#### Records for the task ####

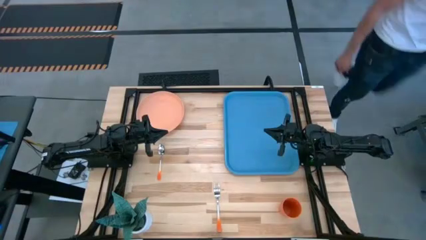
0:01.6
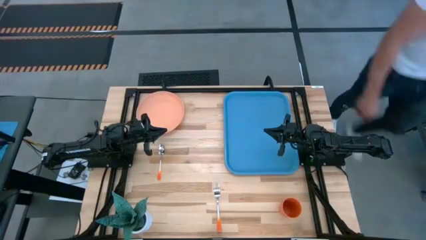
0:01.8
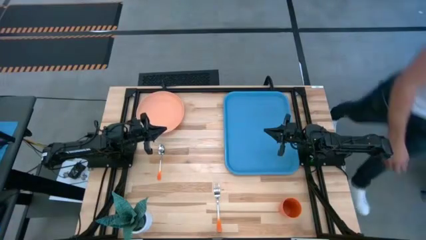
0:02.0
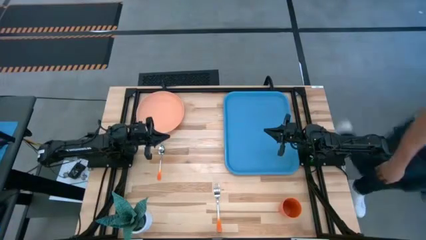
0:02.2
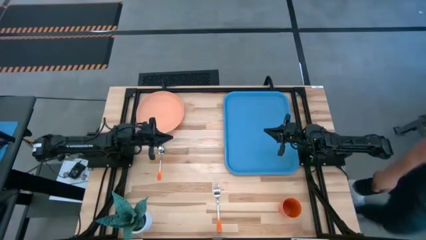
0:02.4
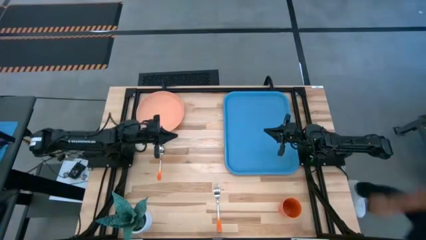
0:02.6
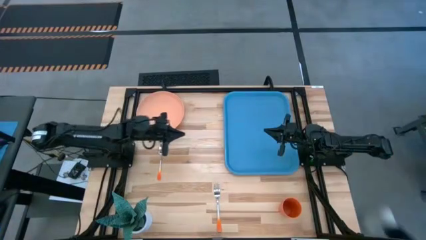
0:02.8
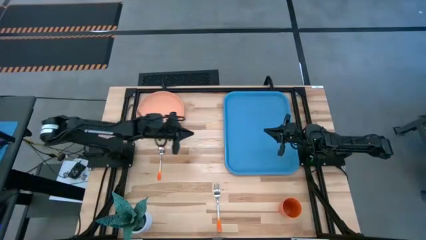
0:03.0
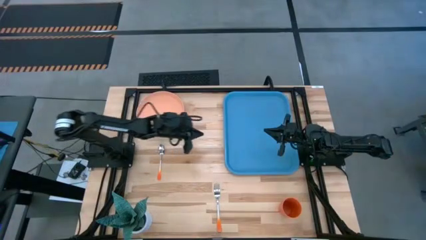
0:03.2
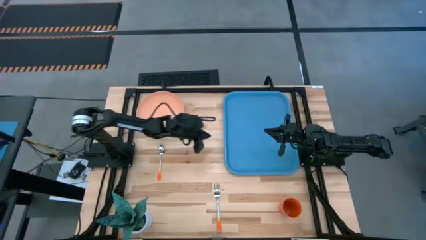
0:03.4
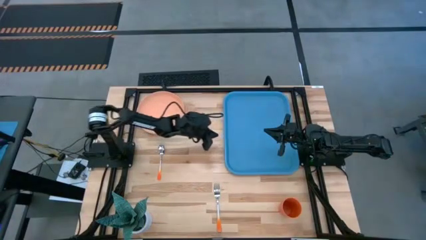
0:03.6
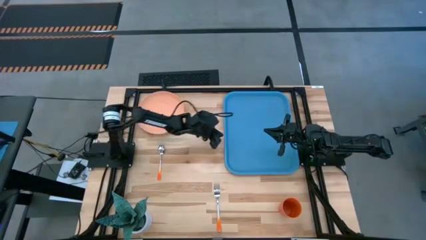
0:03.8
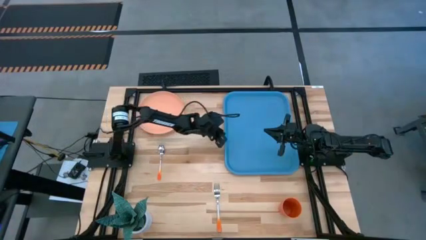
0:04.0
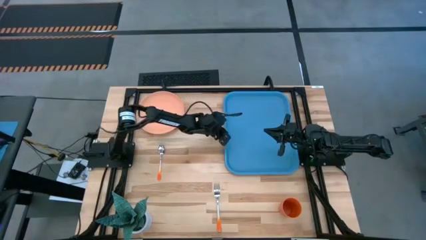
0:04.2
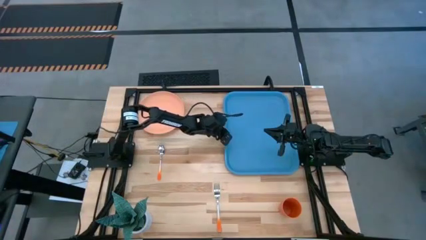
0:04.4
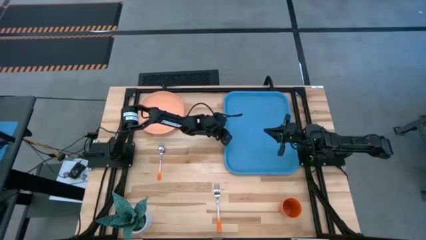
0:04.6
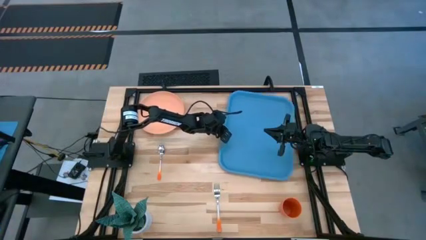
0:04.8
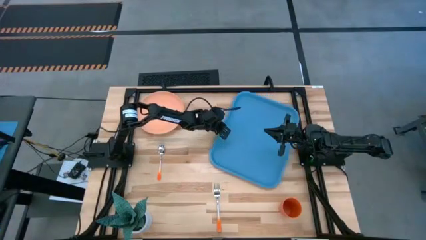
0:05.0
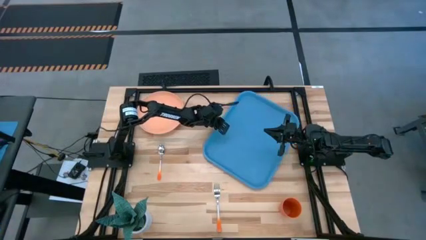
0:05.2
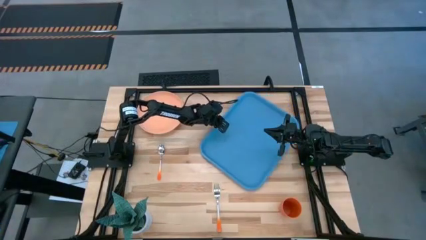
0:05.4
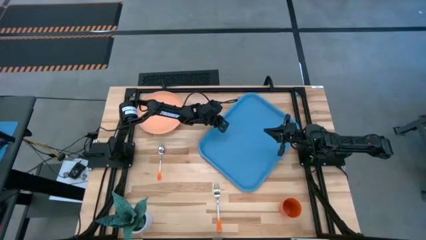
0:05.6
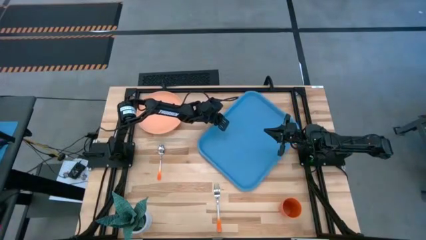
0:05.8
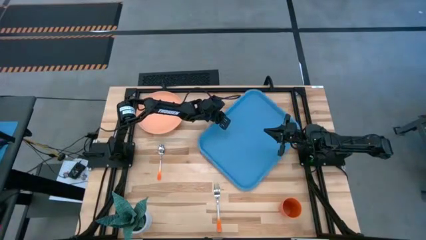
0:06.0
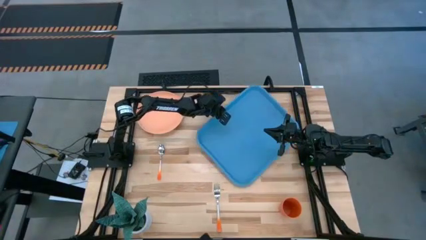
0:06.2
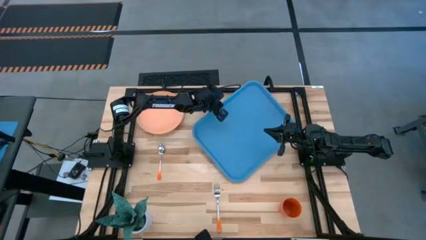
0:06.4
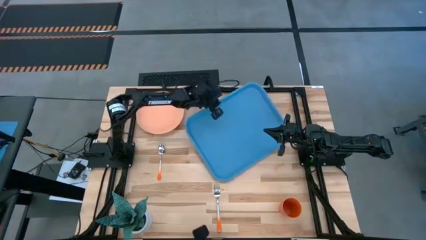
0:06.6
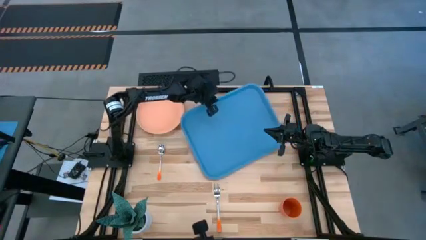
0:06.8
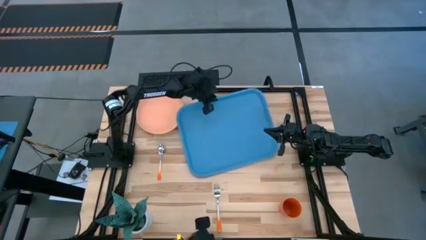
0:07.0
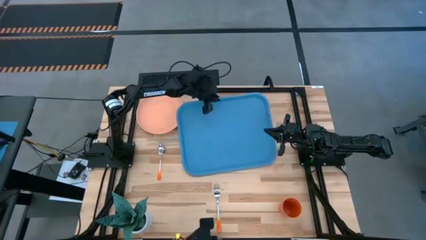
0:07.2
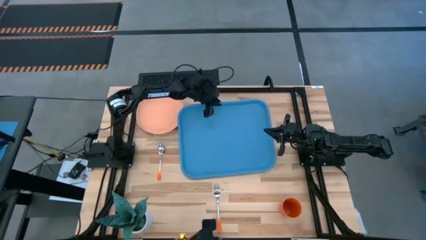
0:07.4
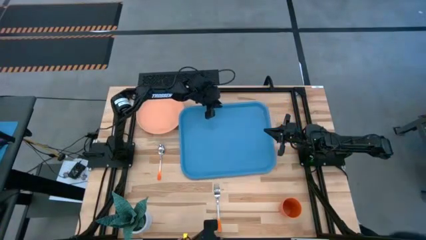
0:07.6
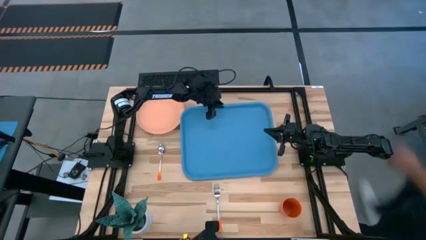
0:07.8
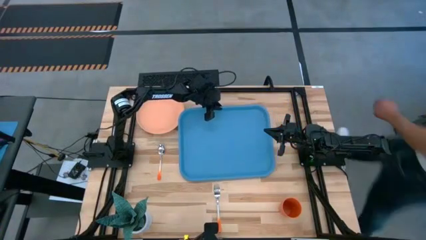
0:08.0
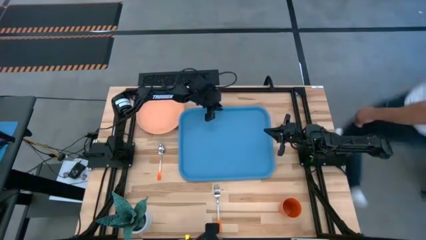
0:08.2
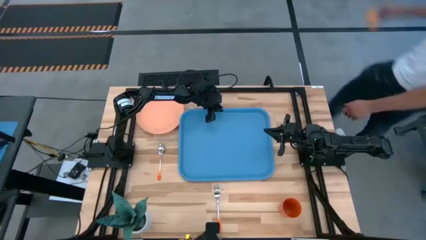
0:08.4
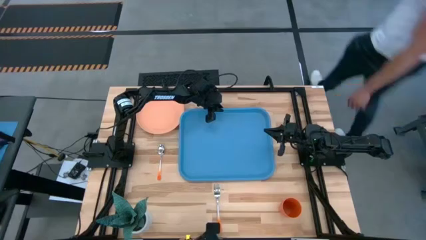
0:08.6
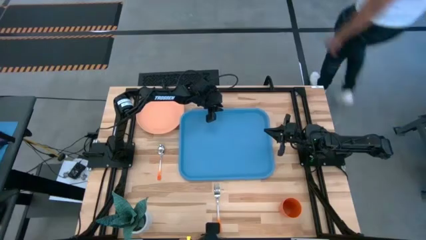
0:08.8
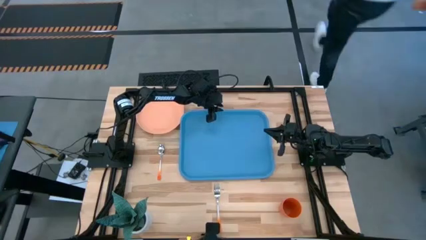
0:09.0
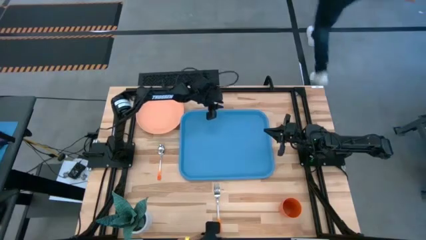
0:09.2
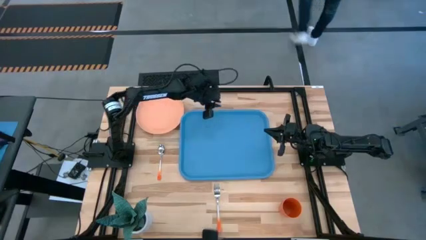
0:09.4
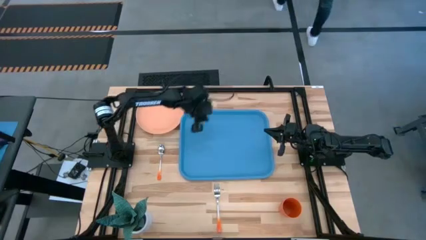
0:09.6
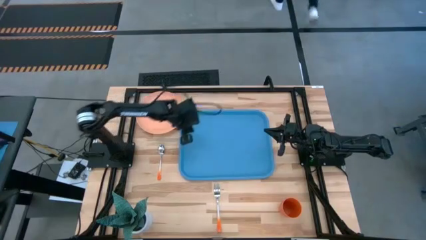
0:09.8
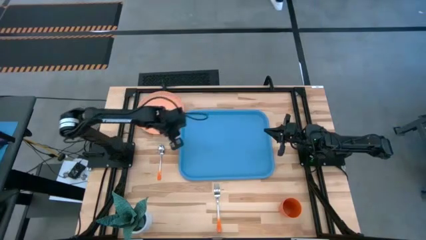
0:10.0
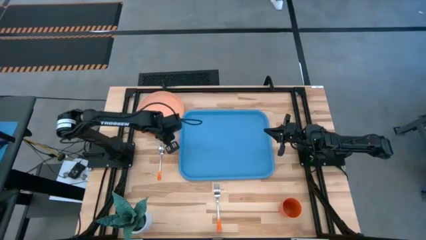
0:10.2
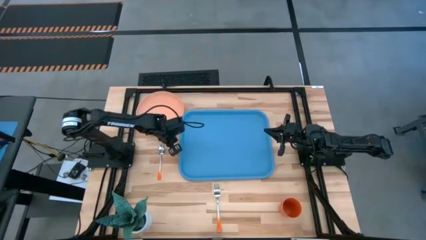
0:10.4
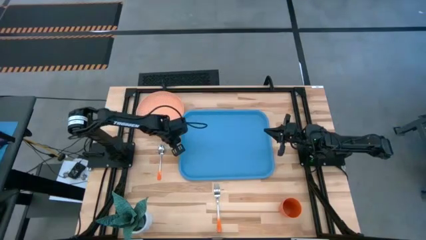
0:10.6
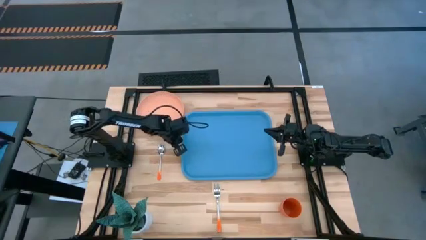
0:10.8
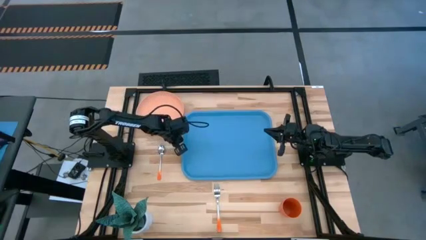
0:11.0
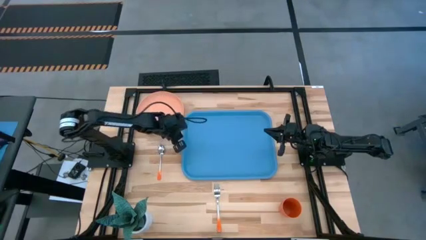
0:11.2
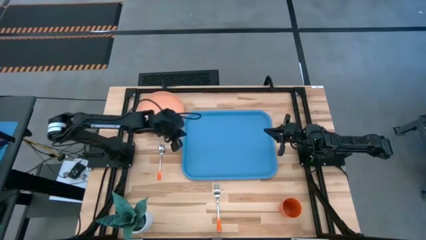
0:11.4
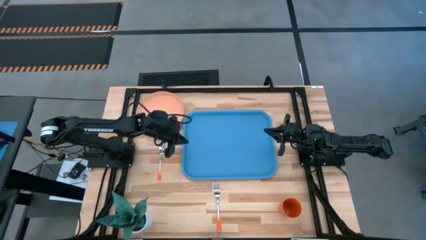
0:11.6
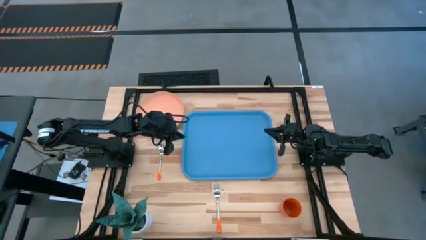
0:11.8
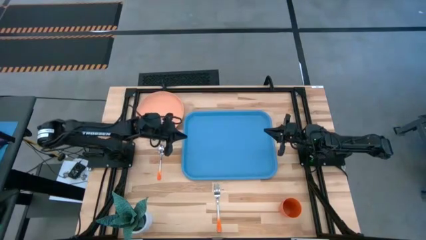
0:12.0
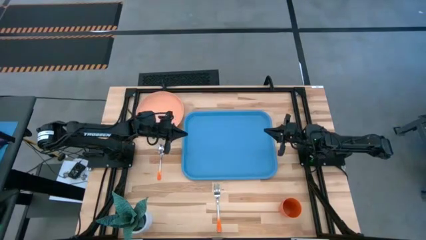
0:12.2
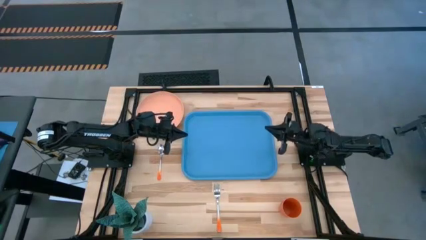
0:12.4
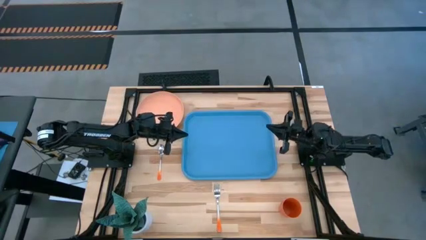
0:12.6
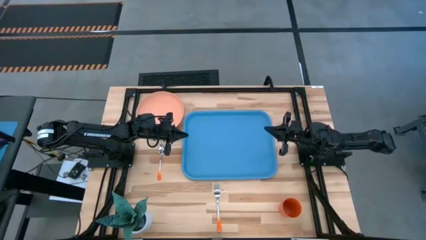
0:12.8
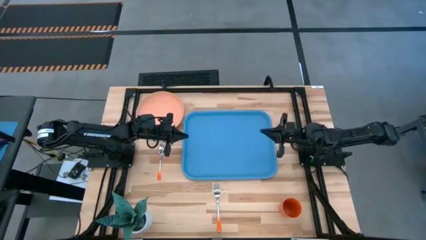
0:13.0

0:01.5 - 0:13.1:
Task: Pick and place plate/cup/fork/spoon on tray
Move the blue tray from top right to the middle of the table

####

What to work on
The records above must be output exactly, except for the pictures.

Result for this task
0:01.6
0:01.8
0:02.0
0:02.2
0:02.4
0:02.6
0:02.8
0:03.0
0:03.2
0:03.4
0:03.6
0:03.8
0:04.0
0:04.2
0:04.4
0:04.6
0:04.8
0:05.0
0:05.2
0:05.4
0:05.6
0:05.8
0:06.0
0:06.2
0:06.4
0:06.6
0:06.8
0:07.0
0:07.2
0:07.4
0:07.6
0:07.8
0:08.0
0:08.2
0:08.4
0:08.6
0:08.8
0:09.0
0:09.2
0:09.4
0:09.6
0:09.8
0:10.0
0:10.2
0:10.4
0:10.6
0:10.8
0:11.0
0:11.2
0:11.4
0:11.6
0:11.8
0:12.0
0:12.2
0:12.4
0:12.6
0:12.8
0:13.0

0:01.5 - 0:13.1:
Task: Pick and place plate/cup/fork/spoon on tray
Move the blue tray from top right to the middle of the table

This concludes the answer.